L’engagement collectif comme réponse à la crise      

Alors, si l’on veut sortir de l’impossible équation des besoins qui augmentent et des ressources qui baissent, sans pour autant rêver à des lendemains qui chantent, il n’y a qu’une solution, qu’un levier : l’engagement collectif. Après cette crise sanitaire (enfin, espérons-le !), il est absolument fondamental, et sur une longue période, que le réflexe d’engagement, apparu spontanément pendant le confinement, perdure, et que chacun, à la mesure de ses moyens, mette sa pierre à la reconstruction de l’édifice.

L’État doit continuer de jouer un rôle de guide sur l’intérêt commun et les attentes de la société, mais dans une concertation et une écoute qui ne soient pas de façade. Cela renforcera nécessairement le rôle des collectivités territoriales, le centralisme de tradition chez nous montrant à l’envi ses limites et même ses dangers. Et cela devra passer par une reconnaissance affirmée et loyale du rôle que le mécénat et la philanthropie jouent, et doivent jouer encore davantage dans l’intérêt général. 

Le mécénat comme levier d’ancrage territorial     

Les entreprises doivent continuer de s’engager malgré les difficultés économiques qu’elles affrontent, dès lors que leur situation le permet. D’abord parce que leur engagement n’est pas nécessairement financier, mais peut aussi prendre la forme d’un apport de compétences ou de biens. Ensuite, parce que le mécénat permet la création de liens très utiles à l’entreprise pour s’ancrer dans son territoire. Enfin, parce que la société de demain ne sera plus équilibrée que si les entreprises participent massivement à cette nécessaire évolution en s’engageant sur de nombreux aspects clés de leur fonctionnement propre et de la vie sociale (gouvernance, partage de la richesse créée, parité, diversité, développement durable, éthique professionnelle...). Telle est la responsabilité désormais attendue de l’entreprise. 

Quant aux citoyens, leur engagement n’est pas moins indispensable, et il peut prendre des formes très diverses selon les multiples situations sociales : philanthropie ou « grands dons » pour les plus fortunés, normalisation du don (à géométrie variable) pour beaucoup, bénévolat pour le plus grand nombre afin de faire fonctionner le monde associatif qui en a tant besoin. 

Et il faudra enfin réussir à prioriser les besoins du monde associatif dans la construction de ce nouvel ordre social, dans une vision à moyen-long terme inexistante aujourd’hui.
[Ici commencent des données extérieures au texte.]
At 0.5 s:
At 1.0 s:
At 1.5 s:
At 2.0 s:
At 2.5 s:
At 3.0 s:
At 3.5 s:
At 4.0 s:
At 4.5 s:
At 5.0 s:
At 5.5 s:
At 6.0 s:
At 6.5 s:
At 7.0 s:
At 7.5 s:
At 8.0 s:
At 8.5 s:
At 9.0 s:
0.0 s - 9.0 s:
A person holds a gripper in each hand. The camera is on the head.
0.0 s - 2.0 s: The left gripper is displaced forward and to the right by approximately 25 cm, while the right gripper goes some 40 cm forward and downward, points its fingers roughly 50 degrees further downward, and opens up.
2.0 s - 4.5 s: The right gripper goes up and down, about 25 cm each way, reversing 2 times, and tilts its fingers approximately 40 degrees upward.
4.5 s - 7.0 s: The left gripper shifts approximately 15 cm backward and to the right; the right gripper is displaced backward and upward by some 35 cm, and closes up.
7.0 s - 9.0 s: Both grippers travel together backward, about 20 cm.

Et ce en couvrant tous les domaines de la vie, y compris l’environnement bien sûr, ou la culture, en grande détresse aujourd’hui et trop oubliée ces derniers temps, alors qu’elle est un facteur majeur d’intégration sociale, tout comme le sport.
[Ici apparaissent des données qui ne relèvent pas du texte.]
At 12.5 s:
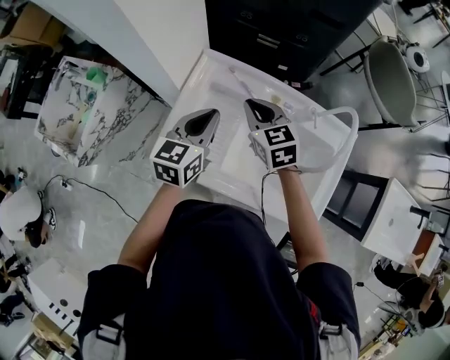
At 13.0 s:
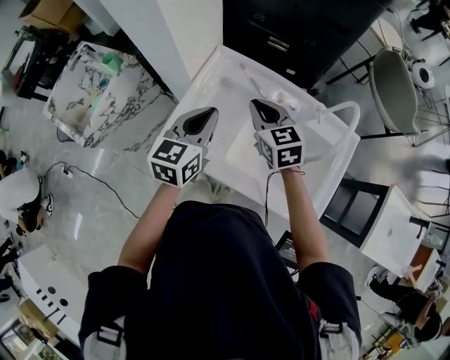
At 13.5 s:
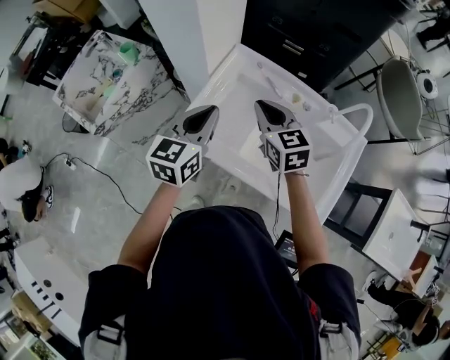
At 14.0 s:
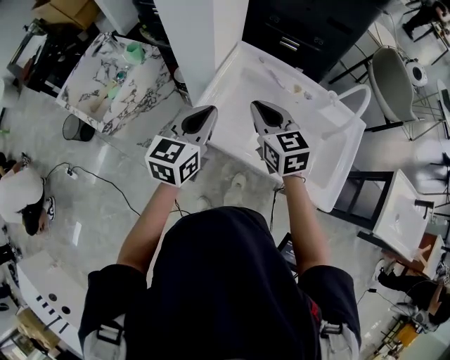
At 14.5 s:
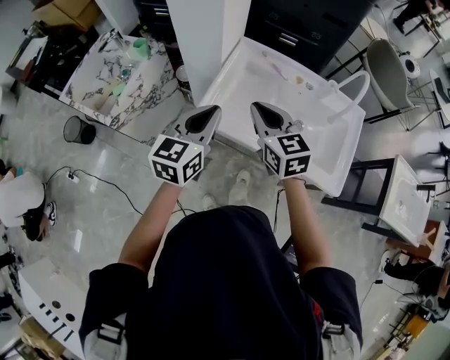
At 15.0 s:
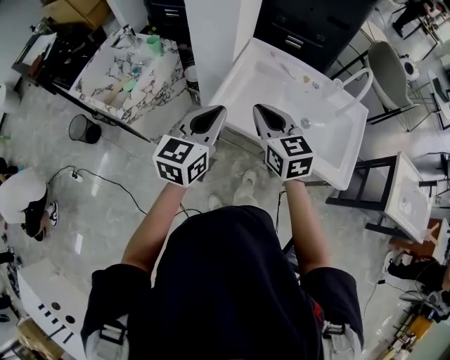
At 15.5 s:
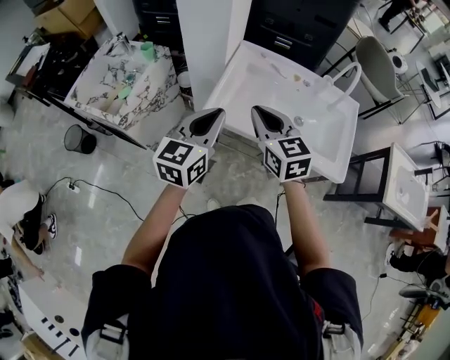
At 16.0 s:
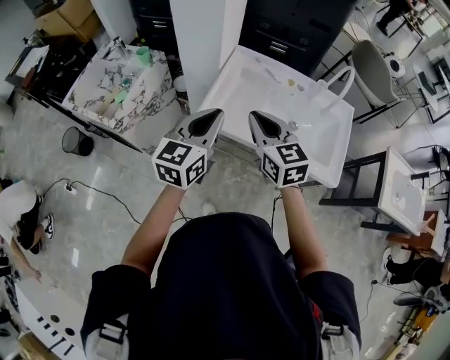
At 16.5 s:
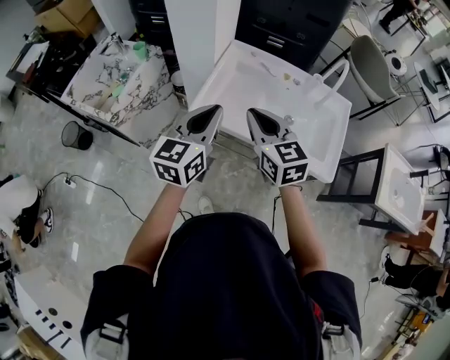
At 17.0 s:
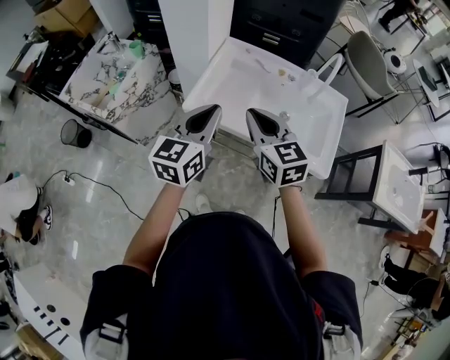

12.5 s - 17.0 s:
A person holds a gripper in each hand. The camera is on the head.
12.5 s - 14.5 s: The left gripper heads backward and to the left, covering roughly 25 cm. The right gripper goes some 25 cm backward, to the left and upward.
14.5 s - 17.0 s: Both grippers move backward, some 10 cm.

Développer le mécénat dans les entreprises françaises           

Alors oui, le mécénat est plus important que jamais. Oui la sortie de crise passe nécessairement par son développement. Oui il doit se répandre dans tous types d’entreprises (rappelons que moins de 10 % des entreprises françaises étaient mécènes en 2018 d’après le baromètre Admical). Oui, il doit irriguer tous les territoires, accompagnant les efforts de développement territorial auquel s’attachent la Banque des Territoires, la BPI et d’autres grandes institutions financières ou industrielles. Plus répandu, plus local, plus collectif, plus efficace, dans l’éthique et la transparence, tel sera le mécénat de demain, et c’est à le construire qu’Admical s’emploie. 

Nous avons pu réaliser une première étude concernant l’impact de la crise sur l’engagement des entreprises (publiée le 23 juin dernier), qui a démontré la volonté des mécènes d’agir et de s’engager pour répondre à l’urgence, et la force du collectif...mais qui a aussi souligné les incertitudes inquiétantes qui pèsent sur l’avenir du mécénat à court et même à moyen terme notamment sur la capacité d’engagement des PME et ETI. C’est la raison pour laquelle nous avons décidé de consacrer notre Mécènes Forum 2020, le 24 novembre prochain au Collège de France, à ce thème : « Le mécénat au défi de la crise ». Tel est le sujet de réflexion que nous vous proposons, pour tenter de répondre aux grandes questions de société que nous devons affronter ensemble.